Gold laid out Olbermann's improbably argument that he has no identifiable political agenda and has made no attempt to pander to the MoveOn/Daily Kosmonaut wing of the Democrats by describing Bush as the vilest of dictators and the Republican Party as the nation's leading terrorist group. (Of course, Gold doesn't actually offer the reader much of Olbermann's progressive patois.) The no-agenda-here claim unfolded like this:
"The longtime sportscaster, who doesn't vote and eschews any political identity -- "I may be a Whig, possibly a Free-Soiler," he quipped -- has nevertheless become an unexpected folk hero for the frustrated left. One woman approached him in a New York restaurant recently and burst into tears as she thanked him.
"'People just think, 'He speaks for me,' said Jane Hamsher, a Mill Valley, Calif., author who runs a liberal blog at firedoglake.com. 'There was no resonance within the media for their perspective, and suddenly Keith came on the scene and gave voice to these long-simmering feelings of disgust with the war.'

Olbermann said he never set out to court disaffected liberals.
"'But there's a time when what you're covering ceases to look like news and begins to look like history,' he said. 'And you say, well, it doesn't matter how people might brand me or respond to this -- I feel as if something very important is not being said.'"

MSNBC boss Dan Abrams suggested, on a positive note, that MSNBC is NBC's petulant younger sibling:
"Abrams said MSNBC is finally finding its identity, which he described as 'NBC News' younger brother or sister.'
"'It doesn't mean the older sibling is more intelligent or better at what they do,' he added. 'It just means they've been doing it longer. We may be a little brasher, a little more petulant, but we are one family.'"

For the November 27 LA Times article, "The gloves come off: Keith Olbermann's anti-Bush views have driven up the ratings of his MSNBC show," in full: www.latimes.com

Cal Thomas Names Keith Olbermann His
'Turkey of the Year'

On FNC's Fox News Watch aired on Saturday, conservative columnist and FNC contributor Cal Thomas took to task MSNBC host Keith Olbermann for Olbermann's "inaccuracies" and "hot air" as the show's panelists got to voice their picks for the second annual "Turkey of the Year" award, which allowed each panelist to dishonor media figures for disreputable behavior. Olbermann, who often uses his Countdown show's regular "Worst Person in the World" segment to denigrate conservative public figures, was called out by Thomas as someone who "is the greatest contributor to global warming because he spews more hot air than any other cable television show host."

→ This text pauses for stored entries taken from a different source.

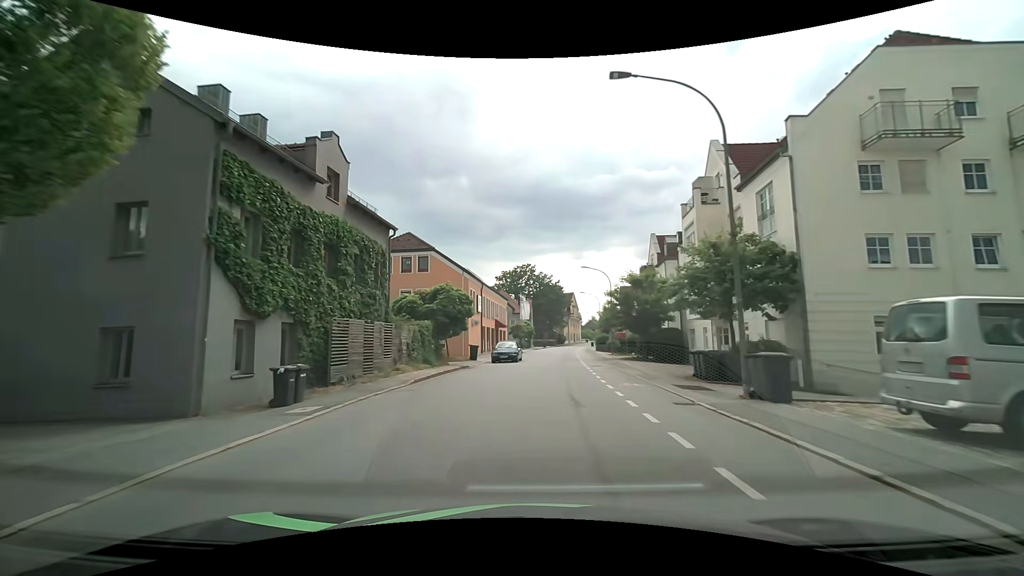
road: tertiary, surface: asphalt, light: Day
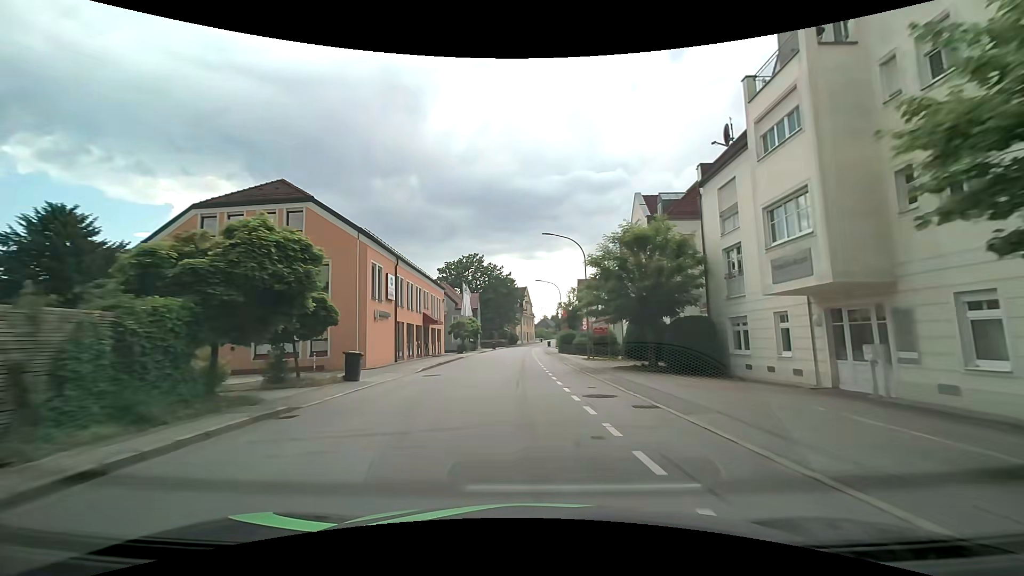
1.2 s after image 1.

[This item, by Brad Wilmouth, was posted Monday night on the MRC's blog, NewsBusters.org: newsbusters.org ]

After panelist Jane Hall had named Rush Limbaugh as her choice, host Eric Burns turned to Thomas, who started his response jokingly by complaining that Olbermann had incorrectly charged that Thomas dyes his hair. But Thomas also criticized Olbermann for "inaccuracies" in general. Below is a transcript of Thomas' comments on Olbermann from the November 25 Fox News Watch:

Cal Thomas: "Mine goes to Keith Olbermann of, what network is that, MSNBC I guess it is. Nobody's watching anyway. But he famously claimed that I dyed my hair once, and along with all of his other inaccuracies, that one is, too."
Eric Burns: "Cal can famously deny it because no-"
Thomas: "Nobody watches. That's right."
Burns, shaking his head: "No."
Thomas: "That's right. But I want to say also that Keith Olbermann is the greatest contributor to global warming because he spews more hot air than any other cable television show host. Now, if he only had a rating."